The most frequent acquired laryngeal abnormality is acquired subglottic stenosis, which is caused by prior intubation in 90% of cases. The subglottis' anatomic restrictions make it vulnerable to iatrogenic damage, delayed healing, and stenosis. Preventive measures are therefore necessary to reduce the chance of developing subglottic stenosis.
Idiopathic subglottic stenosis (iSGS) is an uncommon fibrotic condition with unknown etiology and pathobiology that occurs when no cause can be found despite a thorough examination. iSGS is a relatively new entity, with Brandenburg describing the first examples in1972. Only anecdotal accounts and few case studies have been published since then. The cause of this condition is unknown and diagnosing and treating it remains a clinical challenge.
Subglottic stenosis is a relatively uncommon condition. It affects roughly 1 in every 400,000 people. For iSGS, the majority of patients are Caucasian women. It affects virtually mainly women in their third and fifth decades of life, with an estimated frequency of 1:400,000. The average age is between 30 and 60 years old.
Diagnosis and treatment
Clinical history and physical examination play a critical role in the diagnosis of SGS. Investigations about birth injury, intubation, or preterm, as well as other congenital anomalies and physiologic indicators of cardiovascular and respiratory health, should be made in the unintubated nontracheotomy-dependent child. The sound of one's voice is particularly essential because it can reveal the anatomic location of the pathology.
The differential diagnosis includes conditions that induce stridor. Croup, bacterial tracheitis, subglottic cysts, subglottic hemangioma, vocal cord paralysis, and complete tracheal rings are the most prevalent. X-rays are used to further assess the situation. X-rays of the neck may indicate subglottic constriction or masses. The trachea is examined on these films for tracheal constriction, stenosis, or full rings. Endoscopy with microlaryngoscopy and bronchoscopy are used to get a definitive diagnosis.

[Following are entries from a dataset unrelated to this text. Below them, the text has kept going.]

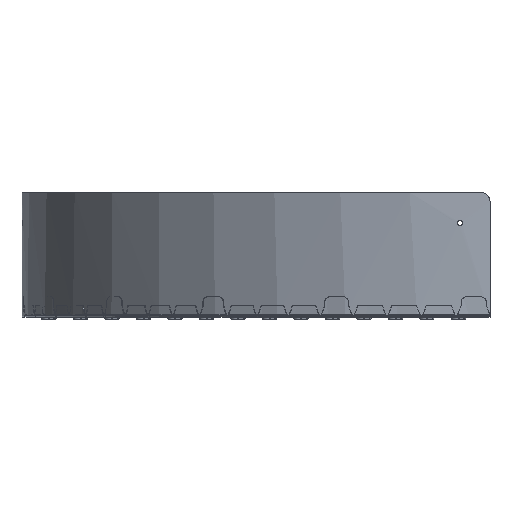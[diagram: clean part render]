
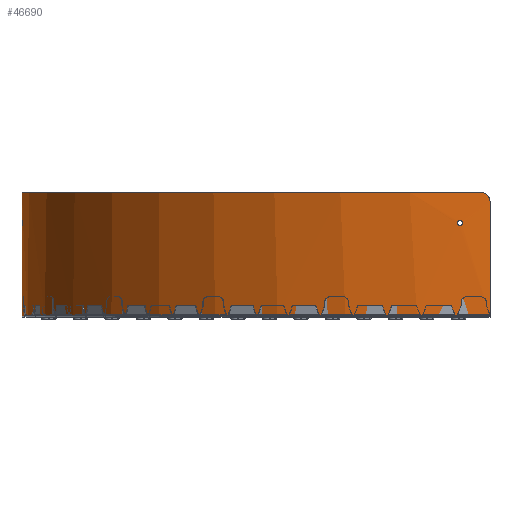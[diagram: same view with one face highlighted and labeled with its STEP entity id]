
A CAD part, left-side view. The second image highlights one B-rep face of the part: STEP entity #46690.
In plain terms, the highlighted cylindrical face has radius 262.613 mm (diameter 525.227 mm), a partial arc.
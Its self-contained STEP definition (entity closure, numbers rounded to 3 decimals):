
#20=B_SPLINE_CURVE_WITH_KNOTS('',3,(#81832,#81833,#81834,#81835,#81836,
#81837),.UNSPECIFIED.,.F.,.F.,(4,1,1,4),(-0.785,-0.112,
0.337,0.785),.UNSPECIFIED.);
#21=B_SPLINE_CURVE_WITH_KNOTS('',3,(#81849,#81850,#81851,#81852,#81853,
#81854),.UNSPECIFIED.,.F.,.F.,(4,1,1,4),(-0.785,-0.112,
0.337,0.785),.UNSPECIFIED.);
#22=B_SPLINE_CURVE_WITH_KNOTS('',3,(#81856,#81857,#81858,#81859,#81860,
#81861,#81862,#81863,#81864,#81865,#81866,#81867,#81868,#81869,#81870,#81871,
#81872,#81873,#81874,#81875,#81876,#81877),.UNSPECIFIED.,.T.,.F.,(4,3,3,
3,3,3,3,4),(-3.142,-2.244,-1.346,-0.449,
0.449,1.346,2.244,3.142),
 .UNSPECIFIED.);
#23=B_SPLINE_CURVE_WITH_KNOTS('',3,(#81879,#81880,#81881,#81882,#81883,
#81884,#81885,#81886,#81887,#81888,#81889,#81890,#81891,#81892,#81893,#81894,
#81895,#81896,#81897,#81898,#81899,#81900),.UNSPECIFIED.,.T.,.F.,(4,3,3,
3,3,3,3,4),(-3.142,-2.244,-1.346,-0.449,
0.449,1.346,2.244,3.142),
 .UNSPECIFIED.);
#491=FACE_BOUND('',#8201,.T.);
#492=FACE_BOUND('',#8202,.T.);
#4902=FACE_OUTER_BOUND('',#8200,.T.);
#8200=EDGE_LOOP('',(#42535,#42536,#42537,#42538,#42539,#42540));
#8201=EDGE_LOOP('',(#42541));
#8202=EDGE_LOOP('',(#42542));
#11740=LINE('',#81846,#15274);
#11741=LINE('',#81848,#15275);
#15274=VECTOR('',#68249,64.);
#15275=VECTOR('',#68250,64.);
#18438=CIRCLE('',#52697,262.613);
#18439=CIRCLE('',#52701,262.613);
#22436=VERTEX_POINT('',#81767);
#22440=VERTEX_POINT('',#81787);
#22443=VERTEX_POINT('',#81829);
#22444=VERTEX_POINT('',#81831);
#22445=VERTEX_POINT('',#81840);
#22447=VERTEX_POINT('',#81847);
#22448=VERTEX_POINT('',#81855);
#22449=VERTEX_POINT('',#81878);
#29137=EDGE_CURVE('',#22436,#22440,#18438,.T.);
#29141=EDGE_CURVE('',#22443,#22444,#20,.T.);
#29143=EDGE_CURVE('',#22445,#22444,#18439,.T.);
#29146=EDGE_CURVE('',#22443,#22440,#11740,.T.);
#29147=EDGE_CURVE('',#22447,#22436,#11741,.T.);
#29148=EDGE_CURVE('',#22445,#22447,#21,.T.);
#29149=EDGE_CURVE('',#22448,#22448,#22,.T.);
#29150=EDGE_CURVE('',#22449,#22449,#23,.T.);
#42535=ORIENTED_EDGE('',*,*,#29141,.F.);
#42536=ORIENTED_EDGE('',*,*,#29146,.T.);
#42537=ORIENTED_EDGE('',*,*,#29137,.F.);
#42538=ORIENTED_EDGE('',*,*,#29147,.F.);
#42539=ORIENTED_EDGE('',*,*,#29148,.F.);
#42540=ORIENTED_EDGE('',*,*,#29143,.T.);
#42541=ORIENTED_EDGE('',*,*,#29149,.T.);
#42542=ORIENTED_EDGE('',*,*,#29150,.T.);
#43847=CYLINDRICAL_SURFACE('',#52703,262.613);
#46690=ADVANCED_FACE('',(#4902,#491,#492),#43847,.T.);
#52697=AXIS2_PLACEMENT_3D('',#81789,#68231,#68232);
#52701=AXIS2_PLACEMENT_3D('',#81841,#68242,#68243);
#52703=AXIS2_PLACEMENT_3D('',#81845,#68247,#68248);
#68231=DIRECTION('center_axis',(0.,0.,1.));
#68232=DIRECTION('ref_axis',(0.,1.,0.));
#68242=DIRECTION('center_axis',(0.,0.,1.));
#68243=DIRECTION('ref_axis',(-0.019,1.,0.));
#68247=DIRECTION('center_axis',(0.,0.,1.));
#68248=DIRECTION('ref_axis',(-1.,0.,0.));
#68249=DIRECTION('',(0.,0.,1.));
#68250=DIRECTION('',(0.,0.,1.));
#81767=CARTESIAN_POINT('',(0.,262.613,69.));
#81787=CARTESIAN_POINT('',(-262.613,0.,69.));
#81789=CARTESIAN_POINT('Origin',(0.,0.,69.));
#81829=CARTESIAN_POINT('',(-262.613,0.,5.));
#81831=CARTESIAN_POINT('',(-262.566,5.005,0.));
#81832=CARTESIAN_POINT('Ctrl Pts',(-262.613,0.,5.));
#81833=CARTESIAN_POINT('Ctrl Pts',(-262.613,0.,3.878));
#81834=CARTESIAN_POINT('Ctrl Pts',(-262.615,0.657,2.015));
#81835=CARTESIAN_POINT('Ctrl Pts',(-262.602,2.762,0.342));
#81836=CARTESIAN_POINT('Ctrl Pts',(-262.58,4.256,0.));
#81837=CARTESIAN_POINT('Ctrl Pts',(-262.566,5.005,0.));
#81840=CARTESIAN_POINT('',(-5.005,262.566,0.));
#81841=CARTESIAN_POINT('Origin',(0.,0.,0.));
#81845=CARTESIAN_POINT('Origin',(0.,0.,69.));
#81846=CARTESIAN_POINT('',(-262.613,0.,0.));
#81847=CARTESIAN_POINT('',(0.,262.613,5.));
#81848=CARTESIAN_POINT('',(0.,262.613,0.));
#81849=CARTESIAN_POINT('Ctrl Pts',(-5.005,262.566,0.));
#81850=CARTESIAN_POINT('Ctrl Pts',(-3.882,262.587,0.));
#81851=CARTESIAN_POINT('Ctrl Pts',(-2.017,262.609,0.656));
#81852=CARTESIAN_POINT('Ctrl Pts',(-0.343,262.614,
2.759));
#81853=CARTESIAN_POINT('Ctrl Pts',(0.,262.613,4.252));
#81854=CARTESIAN_POINT('Ctrl Pts',(0.,262.613,5.));
#81855=CARTESIAN_POINT('',(-18.305,261.975,17.));
#81856=CARTESIAN_POINT('Ctrl Pts',(-18.306,261.975,17.));
#81857=CARTESIAN_POINT('Ctrl Pts',(-18.306,261.975,16.583));
#81858=CARTESIAN_POINT('Ctrl Pts',(-18.105,261.989,16.165));
#81859=CARTESIAN_POINT('Ctrl Pts',(-17.779,262.011,15.904));
#81860=CARTESIAN_POINT('Ctrl Pts',(-17.453,262.033,15.644));
#81861=CARTESIAN_POINT('Ctrl Pts',(-17.001,262.063,15.539));
#81862=CARTESIAN_POINT('Ctrl Pts',(-16.595,262.089,15.632));
#81863=CARTESIAN_POINT('Ctrl Pts',(-16.188,262.114,15.725));
#81864=CARTESIAN_POINT('Ctrl Pts',(-15.827,262.136,16.015));
#81865=CARTESIAN_POINT('Ctrl Pts',(-15.646,262.147,16.392));
#81866=CARTESIAN_POINT('Ctrl Pts',(-15.464,262.158,16.769));
#81867=CARTESIAN_POINT('Ctrl Pts',(-15.463,262.158,17.233));
#81868=CARTESIAN_POINT('Ctrl Pts',(-15.644,262.147,17.608));
#81869=CARTESIAN_POINT('Ctrl Pts',(-15.825,262.136,17.984));
#81870=CARTESIAN_POINT('Ctrl Pts',(-16.188,262.114,18.272));
#81871=CARTESIAN_POINT('Ctrl Pts',(-16.595,262.089,18.365));
#81872=CARTESIAN_POINT('Ctrl Pts',(-17.002,262.063,18.459));
#81873=CARTESIAN_POINT('Ctrl Pts',(-17.453,262.033,18.357));
#81874=CARTESIAN_POINT('Ctrl Pts',(-17.779,262.011,18.097));
#81875=CARTESIAN_POINT('Ctrl Pts',(-18.105,261.989,17.837));
#81876=CARTESIAN_POINT('Ctrl Pts',(-18.306,261.975,17.418));
#81877=CARTESIAN_POINT('Ctrl Pts',(-18.306,261.975,17.));
#81878=CARTESIAN_POINT('',(-262.155,15.508,17.));
#81879=CARTESIAN_POINT('Ctrl Pts',(-262.155,15.507,17.));
#81880=CARTESIAN_POINT('Ctrl Pts',(-262.155,15.507,16.583));
#81881=CARTESIAN_POINT('Ctrl Pts',(-262.143,15.708,16.165));
#81882=CARTESIAN_POINT('Ctrl Pts',(-262.123,16.034,15.904));
#81883=CARTESIAN_POINT('Ctrl Pts',(-262.103,16.36,15.644));
#81884=CARTESIAN_POINT('Ctrl Pts',(-262.075,16.812,15.539));
#81885=CARTESIAN_POINT('Ctrl Pts',(-262.048,17.218,15.632));
#81886=CARTESIAN_POINT('Ctrl Pts',(-262.022,17.624,15.725));
#81887=CARTESIAN_POINT('Ctrl Pts',(-261.997,17.985,16.015));
#81888=CARTESIAN_POINT('Ctrl Pts',(-261.984,18.167,16.392));
#81889=CARTESIAN_POINT('Ctrl Pts',(-261.972,18.348,16.769));
#81890=CARTESIAN_POINT('Ctrl Pts',(-261.972,18.349,17.233));
#81891=CARTESIAN_POINT('Ctrl Pts',(-261.984,18.169,17.608));
#81892=CARTESIAN_POINT('Ctrl Pts',(-261.997,17.988,17.984));
#81893=CARTESIAN_POINT('Ctrl Pts',(-262.022,17.625,18.272));
#81894=CARTESIAN_POINT('Ctrl Pts',(-262.048,17.218,18.365));
#81895=CARTESIAN_POINT('Ctrl Pts',(-262.075,16.811,18.459));
#81896=CARTESIAN_POINT('Ctrl Pts',(-262.103,16.36,18.357));
#81897=CARTESIAN_POINT('Ctrl Pts',(-262.123,16.033,18.097));
#81898=CARTESIAN_POINT('Ctrl Pts',(-262.144,15.707,17.837));
#81899=CARTESIAN_POINT('Ctrl Pts',(-262.155,15.506,17.418));
#81900=CARTESIAN_POINT('Ctrl Pts',(-262.155,15.507,17.));

SGS is currently treated with a variety of endoscopic and open surgeries, and these methods are not always mutually incompatible. Endoscopic techniques are employed as the main treatment and as a follow-up treatment before or after open airway reconstruction. Conservative treatment is employed for mild cases of subglottic stenosis, i.e, for patients with Grade I and II disease. For moderate to severe cases (Cotton-Myer grades III and IV) sometimes surgical intervention and long-term tracheostomy dependency are necessary. Open surgical procedures are reserved for patients with more severe subglottic stenosis or multilayer disease.
Patients with grade II and grade III subglottic stenosis may benefit from laryngotracheal reconstruction. It can be conducted in both single-stage and double-stage manner. Balloon dilatation of the airway with high-pressure noncompliant balloons has advanced significantly in recent years and is now regarded as an important addition to the techniques used to treat SGS, reportedly lowering the need for open airway surgery by up to 80%.